Stolon uses etcd or consul as a main storage for cluster state.
git clone https://github.com/lwolf/stolon-chart cd stolon-chart helm install ./stolon
During install, a few things will happen. First of all 3 node etcd cluster will be created using statefulset. Stolon-proxy and stolon-sentinel will also be deployed. Singe time job for cluster initialisation will wait until etcd cluster became available.
The chart will also create 2 services:
- stolon-proxy - service from official example. It always points to the current master and should be used for writes.
- stolon-keeper - Stolon itself do not currently provide any solution for balancing reads. But Kubernetes services can handle it. for us. This one will balance reads between all keeper pods.
After everything will be in the RUNNING state we can try to connect.
We can deploy services with type NodePort for simplify connection. Use separate terminals to connect to the master and slave services. During this post, I will assume that stolon-proxy service (RW) is exposed to port 30543 and stolon-keeper service (RO) is exposed to 30544
Connect to the master and create test table
psql --host <IP> --port 30543 postgres -U stolon -W postgres=# create table test (id int primary key not null, value text not null); CREATE TABLE postgres=# insert into test values (1, 'value1'); INSERT 0 1 postgres=# select * from test; id | value ----+-------- 1 | value1 (1 row)
Connect to the slave and check the data. You can try to write something to make sure that requests are handled by slave.
psql --host <IP> --port 30544 postgres -U stolon -W postgres=# select * from test; id | value ----+-------- 1 | value1 (1 row)
After everything works, let’s test the failover.
1. Simulate master death
This case is covered in the statefullset example in the official repository. In short to simulate death of the master we need to kill statefulset and then delete the current master pod.

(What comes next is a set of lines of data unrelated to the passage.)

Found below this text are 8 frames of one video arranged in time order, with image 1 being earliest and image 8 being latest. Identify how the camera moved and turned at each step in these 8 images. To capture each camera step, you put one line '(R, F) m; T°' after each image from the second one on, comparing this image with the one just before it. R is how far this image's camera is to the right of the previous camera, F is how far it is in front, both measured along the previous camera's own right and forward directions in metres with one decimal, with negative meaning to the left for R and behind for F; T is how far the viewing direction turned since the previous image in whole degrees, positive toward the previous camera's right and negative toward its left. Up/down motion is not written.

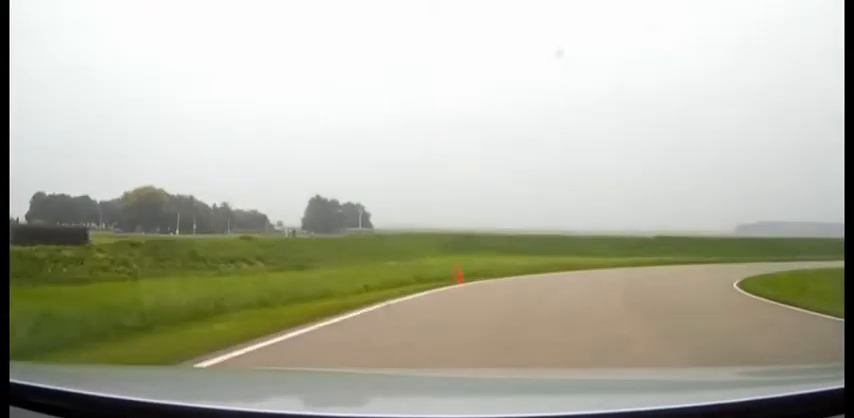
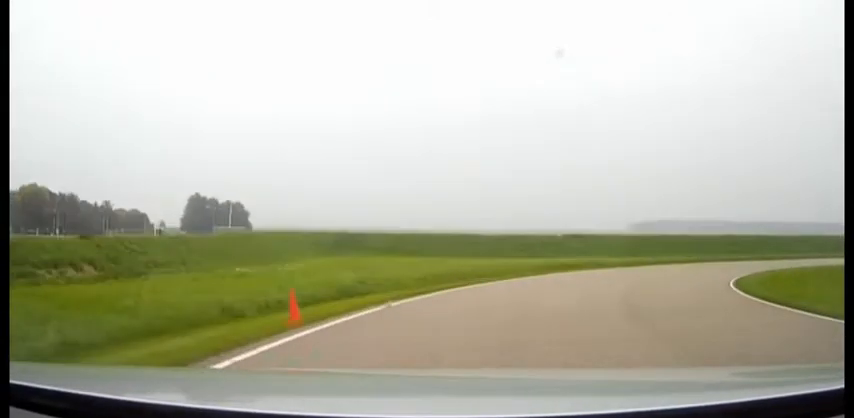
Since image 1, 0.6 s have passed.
(+0.9, +10.4) m; +10°
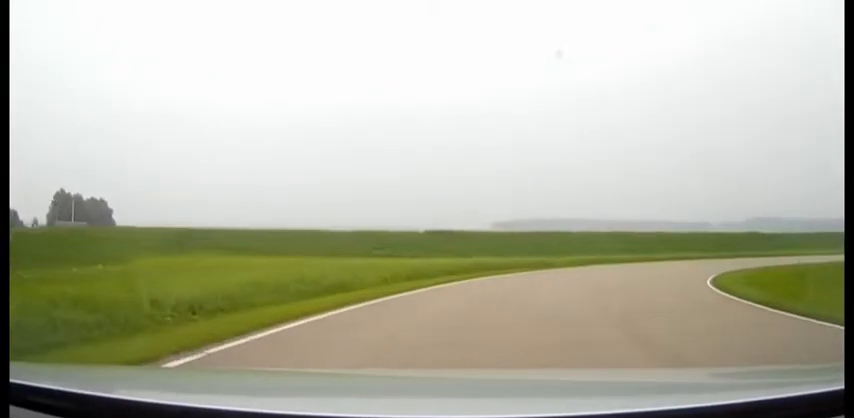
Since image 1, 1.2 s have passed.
(-0.8, +10.8) m; +10°
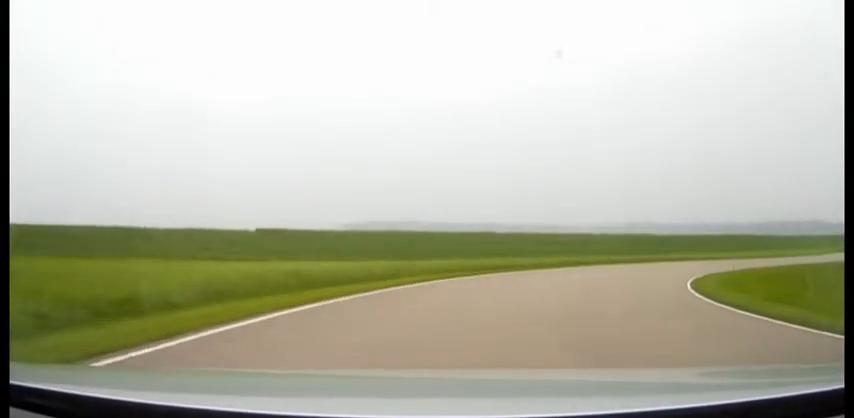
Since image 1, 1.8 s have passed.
(+2.7, +12.1) m; +17°
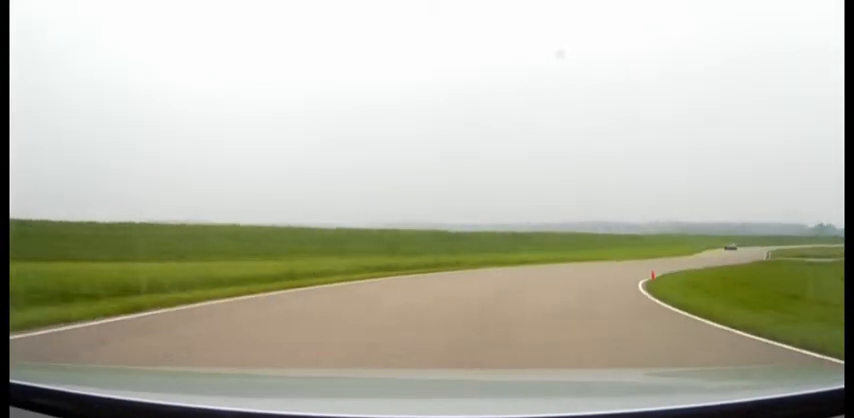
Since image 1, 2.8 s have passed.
(+4.0, +17.6) m; +23°
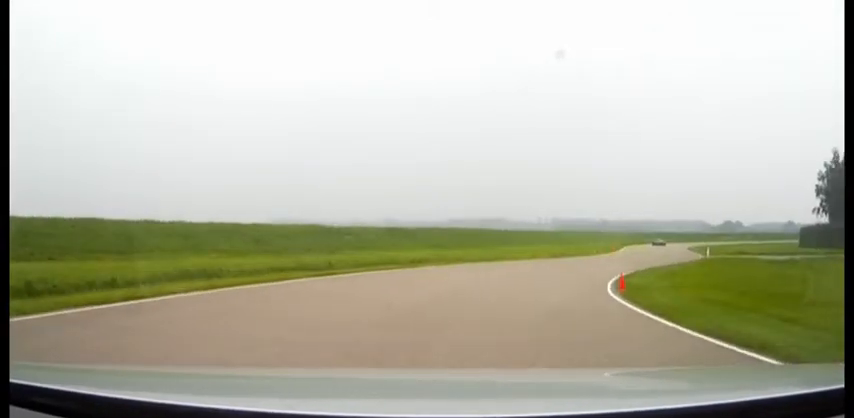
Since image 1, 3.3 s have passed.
(-0.1, +9.4) m; +10°
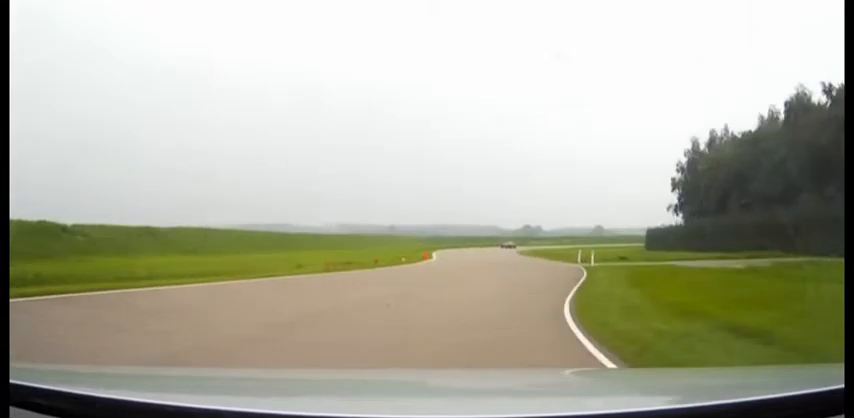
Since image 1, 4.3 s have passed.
(+3.9, +19.8) m; +16°
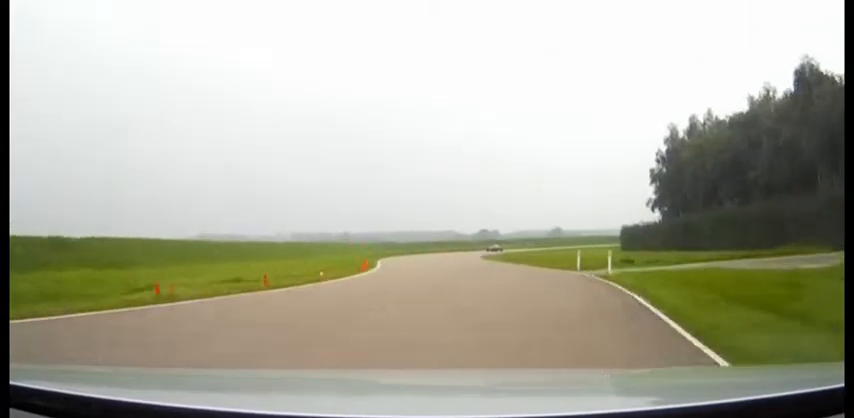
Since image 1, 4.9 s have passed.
(+1.0, +11.1) m; +2°

Statefulset needs to be deleted since otherwise, it will recreate pod before the sentinel notice that it’s dead.
kubectl delete statefulset stolon-keeper --cascade=false kubectl delete pod stolon-keeper-0
After this, we can see in the sentinel logs that new master was successfully elected.

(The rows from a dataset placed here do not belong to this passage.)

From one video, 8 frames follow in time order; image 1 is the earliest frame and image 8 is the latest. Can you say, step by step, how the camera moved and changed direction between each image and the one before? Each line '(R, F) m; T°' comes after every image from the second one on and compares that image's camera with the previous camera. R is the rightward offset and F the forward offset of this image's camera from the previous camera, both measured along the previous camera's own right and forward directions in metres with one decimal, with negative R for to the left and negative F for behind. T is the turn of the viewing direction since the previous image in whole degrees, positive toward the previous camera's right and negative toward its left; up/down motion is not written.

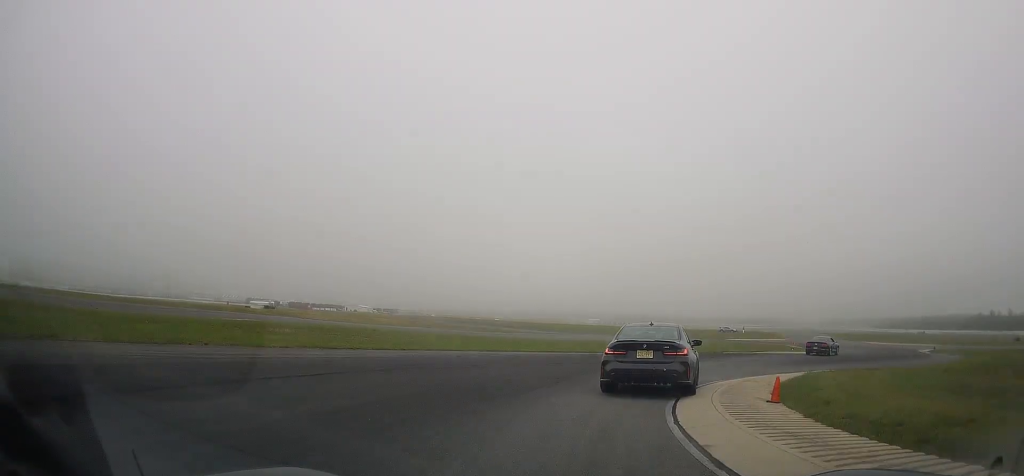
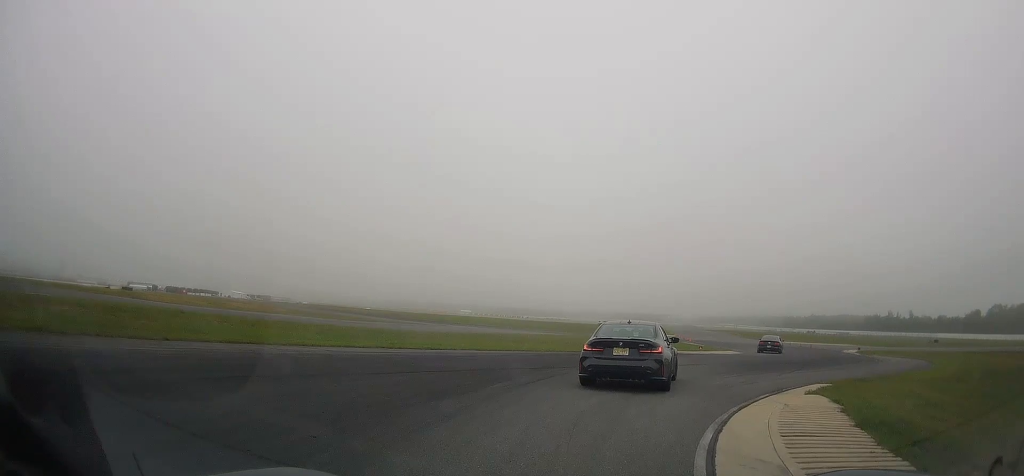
(+1.2, +9.3) m; +10°
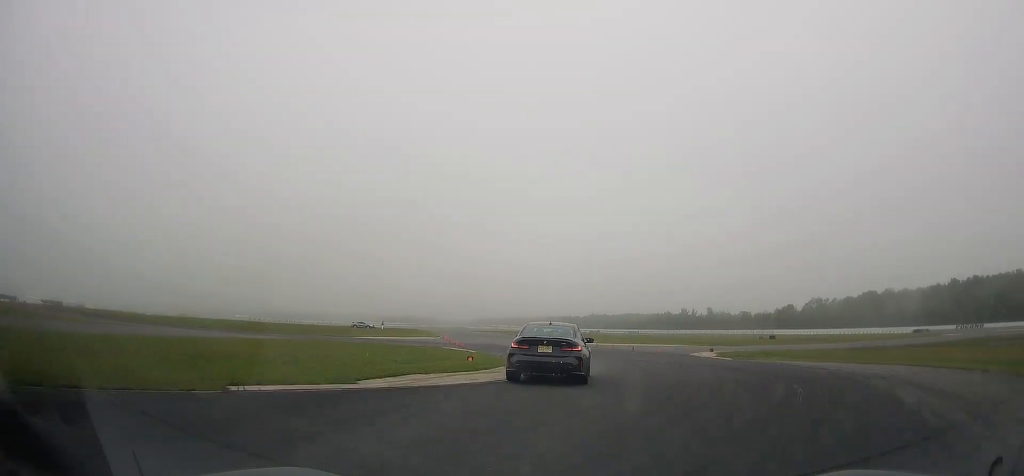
(+3.9, +20.7) m; +16°
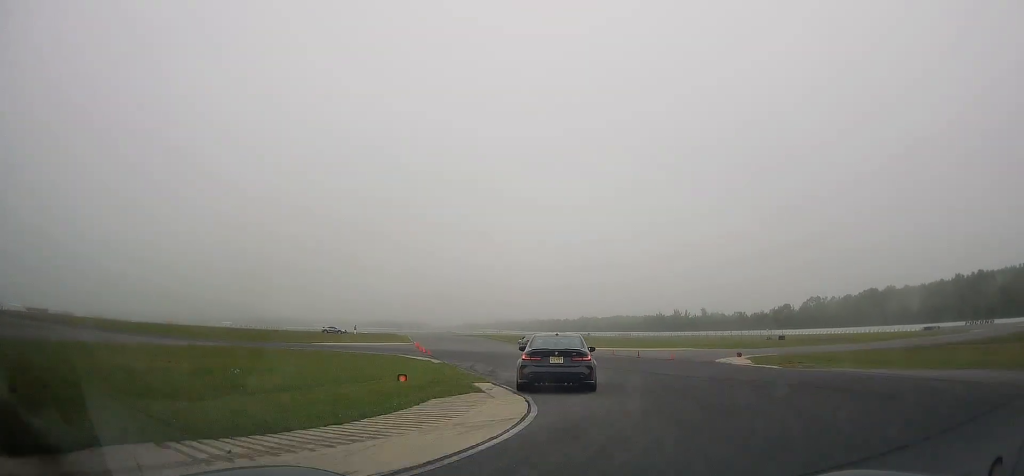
(+0.5, +9.8) m; +3°
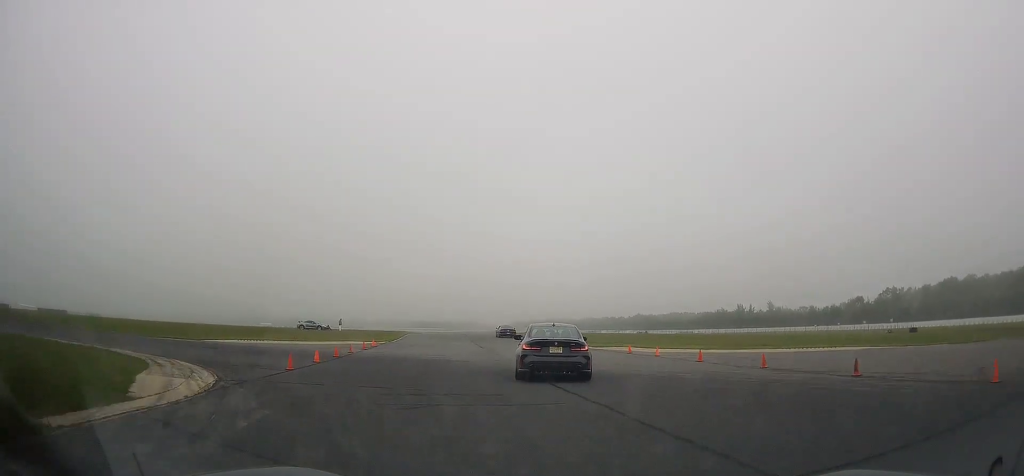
(-0.1, +27.5) m; -3°
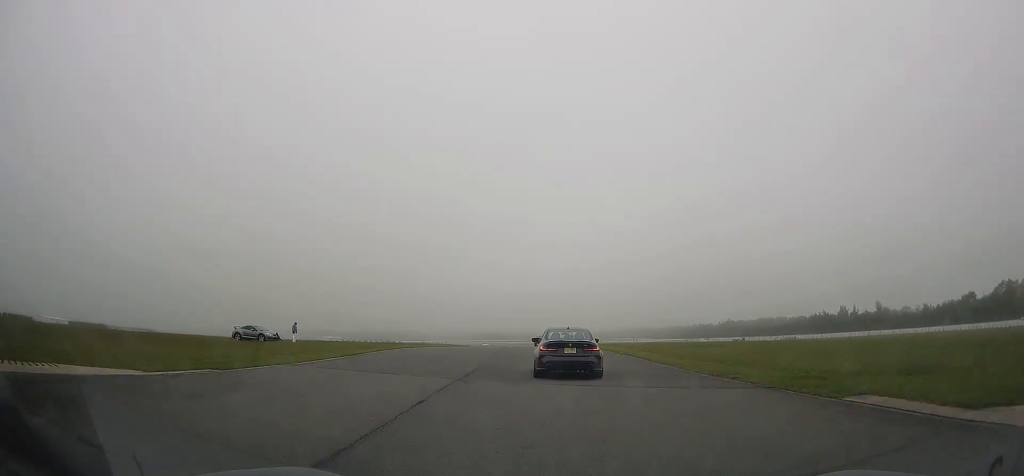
(-1.9, +32.3) m; -6°
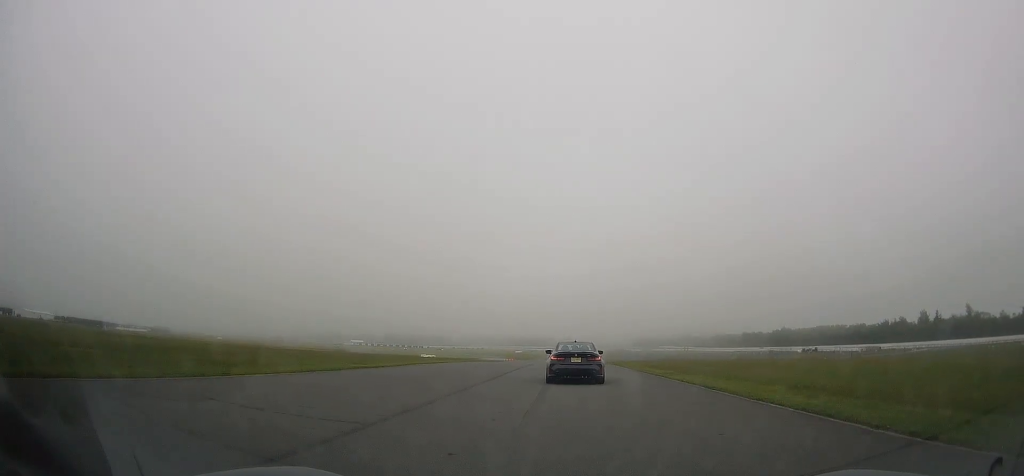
(-1.8, +42.4) m; -4°
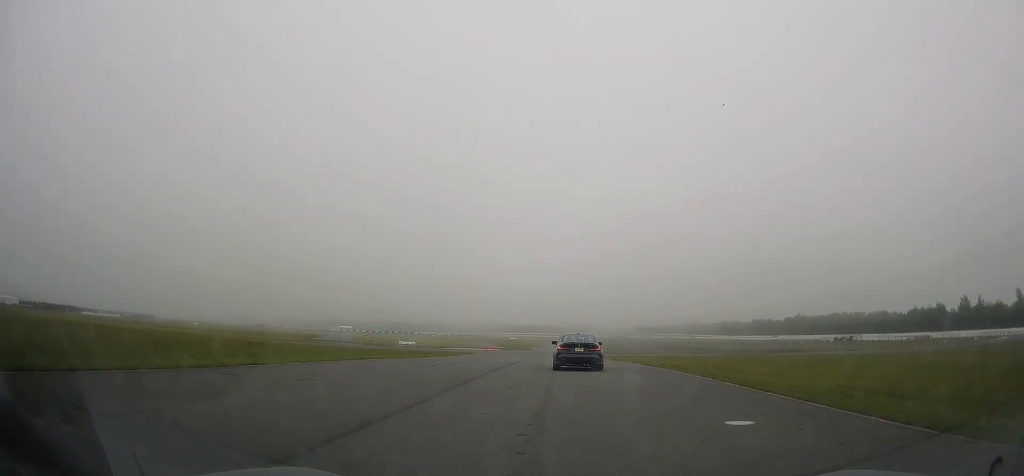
(-0.6, +31.4) m; -1°

no keeper info available db=cb96f42d keeper=keeper0 no keeper info available db=cb96f42d keeper=keeper0 master db is failed db=cb96f42d keeper=keeper0 trying to find a standby to replace failed master electing db as the new master db=087ce88a keeper=keeper1
Now if we redo the previous command in both psql sessions we should see something like this.
postgres=# select * from test; server closed the connection unexpectedly This probably means the server terminated abnormally before or while processing the request. The connection to the server was lost. Attempting reset: Succeeded. postgres=# select * from test; id | value ----+-------- 1 | value1 (1 row)
Kubernetes service will remove failed pods and balance requests only between live pods. So, new read sessions will be routed to healthy pods.
Afterward we need to recreate our statefulset. The easiest way to do it is by upgrading deployed helm chart.
helm ls NAME REVISION UPDATED STATUS CHART NAMESPACE factual-crocodile 1 Sat Feb 18 15:42:50 2017 DEPLOYED stolon-0.1.0 default helm upgrade factual-crocodile .
2. Simulate random pods death with chaoskube
Another good way to test the resilience of the cluster is to use chaoskube. Chaoskube is a small service which periodically kills random pods in the cluster.
It also could be deployed using helm charts.
helm install --set labels="release=factual-crocodile,component!=factual-crocodine-etcd" --set interval=5m stable/chaoskube
This will run chaoskube which will delete one pod every five minutes. It will select pods with label
release=factual-crocodile , but will ignore etcd pods.
After few hours of such testing my cluster was still consistent and worked pretty stable.
I’m still trying stolon on my staging servers. But I’m pretty happy with it so far. It really feels like a cloud native service. Easily scalable and with good automatic failover.